Mais qui est-il ? Un être léger, tendre, insouciant, insaisissable, profond, en détresse et primal. Sa liberté totale, quoiqu’impressionnante et admirable, est surtout inquiétante. Sa situation ne le choque pas, même quand certains de ses clients le malmènent et abîment son corps qui se dégrade de plus en plus, du fait des produits illicites qu’il consomme par ailleurs. Dans ce monde marginal et sombre, Léo est un ovni, un rayon de soleil qui ne cesse de briller par son énergie et sa tendresse.

La force de Sauvage est ainsi cette confrontation dans la mise en scène, d’abord entre la violence de cette activité peu commune et la douceur et la légèreté d’un jeune homme en quête d’amour, mais également entre la détresse et la béatitude. Mais cette contradiction n’aurait pas pu toucher, fasciner et piquer le spectateur sans l’aide de Félix Maritaud, découvert dans 120 battements par minute de Robin Campillo, qui incarne le protagoniste avec brio, après des séances de travail très difficiles, mais nécessaires pour produire un film au plus proche du réel.

Le corps, outil de travail des prostitués

Car pour arriver à un tableau si réaliste de ce monde de la prostitution masculine, notamment sur la mécanique du corps à louer, Camille Vidal-Naquet est parti à la rencontre, par le biais d’une association, de prostitués du bois de Boulogne, pendant trois ans, pour faire un véritable travail de documentariste. Des recherches qui s’illustrent très clairement dans son premier long-métrage à travers le jeu des acteurs-prostitués et de leur façon de se tenir, de leur impudeur professionnelle,  de leur liberté machinale du corps et de leurs problèmes d’hygiène et de santé.

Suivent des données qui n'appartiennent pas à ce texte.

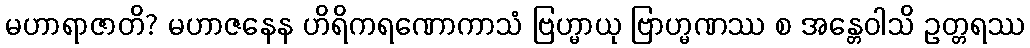
မဟာရာဇာတိ? မဟာဇနေန ဟိရိကရဏောကာသံ ဗြဟ္မာယု ဗြာဟ္မဏဿ စ အန္တေဝါသိ ဥတ္တရဿ
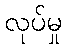
လုပ်မှု
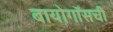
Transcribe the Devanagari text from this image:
बायोगॉसची
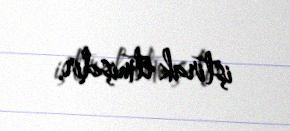
iştirak etmişdir.
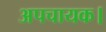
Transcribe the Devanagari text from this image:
अपचायक।

Dès la première scène du film, Camille Vidal-Naquet fait comprendre qu’il ne passe pas par quatre chemins pour aller droit au but : Léo se fait étrangement ausculter, puis masturber par un médecin qui se révèle être un de ses clients. Une entrée en matière surprenante, reflétant le désir du réalisateur de ne rien cacher, de la fellation à la sodomie, en passant par l’image d’un énorme plug anal accompagné de lubrifiant. Les âmes sensibles pourront sûrement s’offusquer de tant de nudité et de relations sexuelles. Mais il est difficile de parler de manière réaliste de la prostitution et du rapport au corps, sans que celui-ci soit présent.

Sauvage est un film fort, touchant, drôle parfois, qui réussit à nous offrir un moment de paix dans un cadre sombre, grâce à une mise en scène intelligente et percutante et à l’incroyable jeu de Félix Maritaud.

Sauvage, film réalisé par Camille Vidal-Naquet, avec Félix Maritaud, Éric Bernard, Nicolas Dibla, Philippe Ohrel, Marie Seux, Lucas Bleger, Camille Müller, Philippe Couerre et Jean-Pierre Basté, présenté au festival de Cannes, durant la semaine de la critique. Durée: 1h37. Sortie française au cinéma : le 22 août 2018.